In an organization, a set of Information Technology (IT) solutions with required capabilities is required to be found from a service catalog. Traditional solutions either rely on a manual process or a relational database in which all the entries of the service catalog are input and queries are executed. Typical relational databases have good performance for exact queries but it is usually difficult to find a similar match.

Disclosed is a method and system for fast retrieval of entries from a service catalog using similarity preserving semantic hashing assisted by domain knowledge.

The method and system utilizes the semantic hashing to encode each entry in the service catalog into a binary code. Here, each entry in the service catalog which corresponds to a configuration is converted into a much simpler binary code using the semantic hashing algorithms. The configuration is one of, but not limited to, computing, networking and storage configuration.

In addition, the method and system preserves similarity among different configurations during the encoding using the semantic hashing by providing a minimum binary distance between similar configurations. Here, the binary distance is, but need not be limited to, a Hamming distance.

The method and system receives domain knowledge as an input to the semantic hashing when the entries in the service catalog are coded into compact binary codes for determining similarity between different pairs of configurations.

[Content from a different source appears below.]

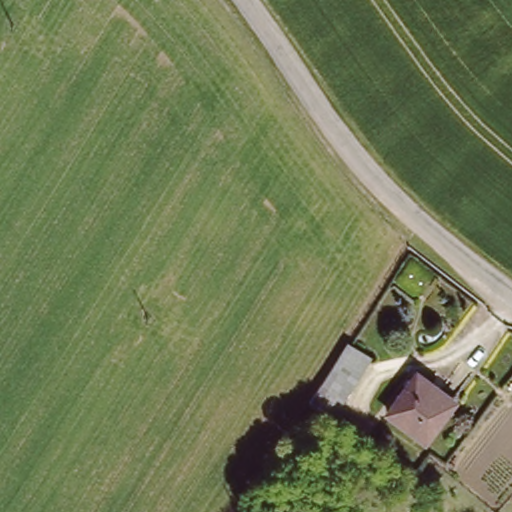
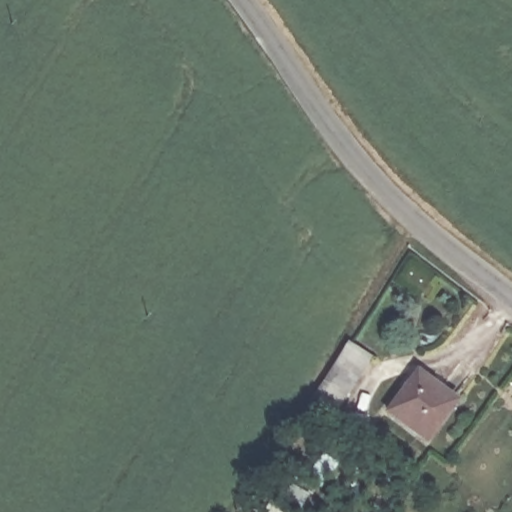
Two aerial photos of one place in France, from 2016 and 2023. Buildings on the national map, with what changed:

For example, consider two entries in the service catalog having the following format:

Entry 1: Server: x-series; Networking: 10Gbps; Storage: ABC PQR; Software: XYZ

Entry 2: Server: p-series; Networking: 100Gbps; Storage: ABC D1K, Software: DEF

First, the method and system divides property fields of each entry into different interest groups. In an example, server and networking property fields are in interest group 1, storage property field is in interest group 2 and software property field is in interest group 3. In another example, each property field is an individual interest group.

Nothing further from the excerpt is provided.